REPORTAJE

SAN RAIMUNDO, MONJE Y SOLDADO


¿Mitad monje, mitad soldado? ¡Monje de cuerpo entero, soldado de pelo en pecho!
La mayor gloria de Fitero es su abad San Raimundo. También quedaría inmortalizado este nombre, más que por el santo monje Raimundo, eso lo fue Fitero, por el guerrero valiente, invicto soldado, fundador de la orden militar. 

El origen de la orden se debe a un gesto heroico. La ciudad de Calatrava, junto al río Guadiana, había sido arrebatada a los árabes por Alfonso VII en 1147. Dada la importancia estratégica del lugar como baluarte avanzado de Toledo ante los moros, el rey quiso asegurar su defensa entregándola en 1150 a la Orden del Temple, ya que por aquellas fechas no existían los ejércitos regulares, ni era fácil poblar las zonas de frontera. Unos años más tarde, ante el empuje islámico, el Temple dio la empresa por perdida, y devolvió la fortaleza al sucesor de Alfonso, el rey Sancho III.

San Raimundo pensaba terminar su larga peregrinación en Santa María de Fitero. Pero Sancho III el Deseado había acudido a Toledo con lo más granado de su reino: condes, capitanes, caballeros, obispos, abades, cuando surgió la noticia de que los caballeros templarios iban a abandonar la fortaleza de Calatrava. Desprotegida, sería ocupada por los almohades. Toledo estaba en peligro.
Fray Diego Velázquez fue un monje que en tiempo pasado fue soldado y amigo del rey Sancho. Hombre de ilustre linaje, burgalés de Bureba, amado del emperador, había escuchado del rey don Sancho III, su amigo de infancia, el gran peligro que corría la plaza de Calatrava, llave estratégica de Toledo y de la cristiandad de España. 
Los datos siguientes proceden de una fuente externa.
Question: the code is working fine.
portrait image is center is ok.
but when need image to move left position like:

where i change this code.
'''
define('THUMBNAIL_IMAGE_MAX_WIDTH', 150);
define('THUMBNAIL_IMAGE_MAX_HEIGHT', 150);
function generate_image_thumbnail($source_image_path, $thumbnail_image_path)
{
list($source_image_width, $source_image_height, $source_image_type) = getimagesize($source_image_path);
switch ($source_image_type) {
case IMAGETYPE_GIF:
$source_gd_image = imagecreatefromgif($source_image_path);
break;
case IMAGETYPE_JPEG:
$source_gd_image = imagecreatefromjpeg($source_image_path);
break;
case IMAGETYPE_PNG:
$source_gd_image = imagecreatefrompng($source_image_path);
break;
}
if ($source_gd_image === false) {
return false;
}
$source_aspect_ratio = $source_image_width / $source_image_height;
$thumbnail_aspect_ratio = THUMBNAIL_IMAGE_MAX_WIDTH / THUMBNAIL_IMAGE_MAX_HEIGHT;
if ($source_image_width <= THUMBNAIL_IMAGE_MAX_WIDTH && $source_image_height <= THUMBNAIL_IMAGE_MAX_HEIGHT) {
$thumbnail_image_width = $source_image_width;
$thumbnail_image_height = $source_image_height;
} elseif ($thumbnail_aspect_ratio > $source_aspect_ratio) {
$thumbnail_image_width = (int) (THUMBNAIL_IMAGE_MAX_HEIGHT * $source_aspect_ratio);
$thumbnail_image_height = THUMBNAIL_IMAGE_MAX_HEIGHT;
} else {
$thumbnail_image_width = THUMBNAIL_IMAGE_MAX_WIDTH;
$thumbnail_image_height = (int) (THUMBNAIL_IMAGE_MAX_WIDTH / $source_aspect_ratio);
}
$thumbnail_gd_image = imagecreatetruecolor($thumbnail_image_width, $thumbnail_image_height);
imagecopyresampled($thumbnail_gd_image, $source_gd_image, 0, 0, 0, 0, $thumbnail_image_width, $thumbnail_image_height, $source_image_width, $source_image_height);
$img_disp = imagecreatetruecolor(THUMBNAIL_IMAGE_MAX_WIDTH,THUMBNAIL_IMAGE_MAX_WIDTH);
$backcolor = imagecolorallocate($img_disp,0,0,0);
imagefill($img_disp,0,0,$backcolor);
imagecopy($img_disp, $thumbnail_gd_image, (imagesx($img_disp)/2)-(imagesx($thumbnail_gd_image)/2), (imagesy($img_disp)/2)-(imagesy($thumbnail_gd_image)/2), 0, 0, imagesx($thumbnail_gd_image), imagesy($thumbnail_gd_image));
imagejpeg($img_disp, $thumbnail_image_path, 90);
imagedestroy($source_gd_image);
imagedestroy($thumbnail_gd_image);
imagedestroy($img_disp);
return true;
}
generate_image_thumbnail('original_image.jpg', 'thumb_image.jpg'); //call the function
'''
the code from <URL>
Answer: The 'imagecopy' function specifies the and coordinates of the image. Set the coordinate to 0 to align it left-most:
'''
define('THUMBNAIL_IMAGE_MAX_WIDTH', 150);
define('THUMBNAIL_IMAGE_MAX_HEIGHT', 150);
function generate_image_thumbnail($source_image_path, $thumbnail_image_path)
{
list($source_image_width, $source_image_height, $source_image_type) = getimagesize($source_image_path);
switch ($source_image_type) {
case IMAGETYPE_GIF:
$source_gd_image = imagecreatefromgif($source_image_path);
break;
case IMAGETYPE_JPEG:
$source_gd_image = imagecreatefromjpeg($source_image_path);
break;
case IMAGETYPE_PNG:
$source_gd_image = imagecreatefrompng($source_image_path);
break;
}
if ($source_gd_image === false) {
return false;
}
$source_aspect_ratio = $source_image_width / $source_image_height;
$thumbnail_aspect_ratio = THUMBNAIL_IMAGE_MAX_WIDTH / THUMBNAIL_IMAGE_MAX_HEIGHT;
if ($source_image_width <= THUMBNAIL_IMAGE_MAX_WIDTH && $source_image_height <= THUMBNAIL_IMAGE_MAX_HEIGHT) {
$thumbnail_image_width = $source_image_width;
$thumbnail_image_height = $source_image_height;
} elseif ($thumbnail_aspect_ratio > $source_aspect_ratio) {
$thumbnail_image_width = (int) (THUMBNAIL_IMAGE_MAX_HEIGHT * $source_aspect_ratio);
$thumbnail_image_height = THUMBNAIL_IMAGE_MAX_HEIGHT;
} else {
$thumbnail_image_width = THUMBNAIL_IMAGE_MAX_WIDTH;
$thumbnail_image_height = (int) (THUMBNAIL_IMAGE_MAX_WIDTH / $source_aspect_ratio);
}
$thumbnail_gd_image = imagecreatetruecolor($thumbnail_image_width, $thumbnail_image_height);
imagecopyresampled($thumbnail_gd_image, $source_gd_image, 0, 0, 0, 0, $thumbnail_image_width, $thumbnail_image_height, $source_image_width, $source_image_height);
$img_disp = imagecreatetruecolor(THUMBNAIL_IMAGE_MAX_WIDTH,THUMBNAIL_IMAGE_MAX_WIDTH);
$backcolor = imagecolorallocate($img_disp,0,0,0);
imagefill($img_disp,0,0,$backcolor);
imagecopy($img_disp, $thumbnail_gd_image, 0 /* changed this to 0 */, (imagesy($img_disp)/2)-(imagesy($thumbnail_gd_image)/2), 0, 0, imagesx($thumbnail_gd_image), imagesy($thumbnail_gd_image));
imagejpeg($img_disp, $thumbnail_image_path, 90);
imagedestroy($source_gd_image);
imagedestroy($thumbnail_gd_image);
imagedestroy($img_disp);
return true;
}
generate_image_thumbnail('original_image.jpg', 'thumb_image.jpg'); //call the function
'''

Una noche Fray Diego tuvo una pesadilla y forzado por un impulso divino, se levantó en sueños, y se fue al aposento de Raimundo y con voces alteradas, se despertó diciendo: "Santo, Padre, vamos a la guerra contra los moros". "Vamos a la guerra!". Raimundo, le despidió con amor y con blandura, diciéndole: “ Que la verdadera guerra del monje había de ser la quietud y soledad, hacer penitencia y llorar sus culpas y las del pueblo”. Fray Diego sentía en sus venas el fuego del caballero de antaño, hoy monje. 
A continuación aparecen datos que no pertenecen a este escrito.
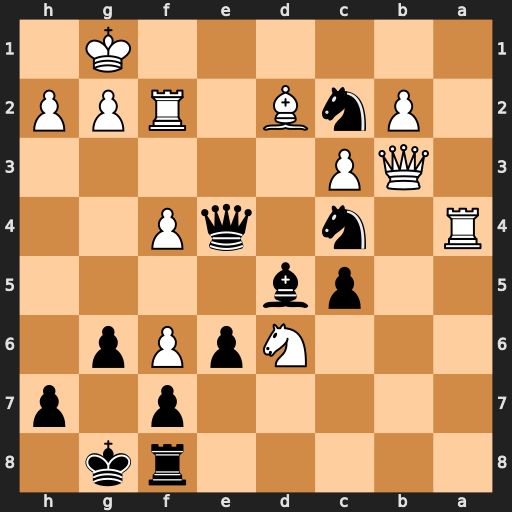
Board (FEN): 5rk1/5p1p/3NpPp1/2pb4/R1n1qP2/1QP5/1PnB1RPP/6K1
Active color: b
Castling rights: -
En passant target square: -
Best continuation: Nxd6 Rxe4 Bxb3

Raimundo accedió a la lucha por la revelación que su deber era proteger el cristianismo de su amenaza. Al no ofrecerse más alternativas, el rey entregó Calatrava a los monjes de Fitero. Raimundo, con los monjes traídos de Fitero más un ejército formado por campesinos y artesanos, predicó con fervor una cruzada y logró reunir hasta veinte mil hombres para defender y habitar aquella comarca. A los que se añadieron los que había conseguido organizar Diego Velázquez en las cercanías de Calatrava. La ciudad tenía una gran importancia estratégica como baluarte avanzado de Toledo ante los moros. Mientras tanto, Diego, antiguo guerrero, organizaba la resistencia, entrenaba a los cruzados, guerreaba con los enemigos y salvaba la plaza. Ante tal multitud, los árabes huyeron hacia el sur.
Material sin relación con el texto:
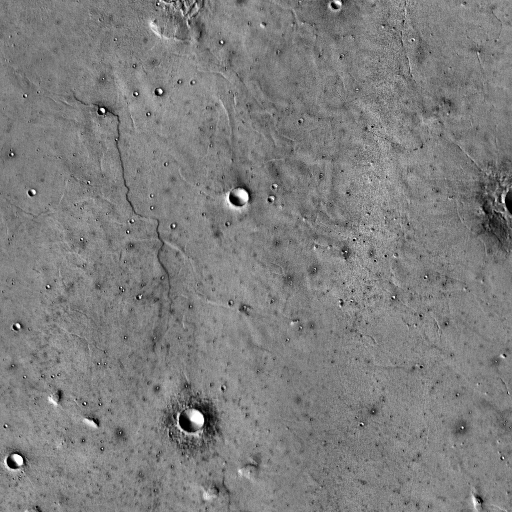
Crater classes present: Background, Other

Con sus numerosas huestes, mitad monjes, mitad soldados, se organiza la Orden militar de Calatrava "leones en tiempo de guerra, corderos en tiempo de paz", de la que Raimundo es proclamado Primer Gran Maestre.
La Orden de Calatrava, fue la primera orden religioso-militar creada en España, para defender la cristiandad frente al empuje bélico del islam. Fue fundada en la fortaleza de Calatrava en el año 1158, después de que los templarios no se vieran con coraje suficiente para defenderla de los ataques musulmanes.
Al ver la buena organización y sus éxitos, el Papa Alejandro III la confirmó el 25 de septiembre de 1164, y confirmada después por Gregorio VIII e Inocencio III. El fundador adoptó la regla de San Benito, y la Orden fue enriquecida con multitud de donaciones por parte de los monarcas. Asimismo le fueron concedidos muy valiosos privilegios. 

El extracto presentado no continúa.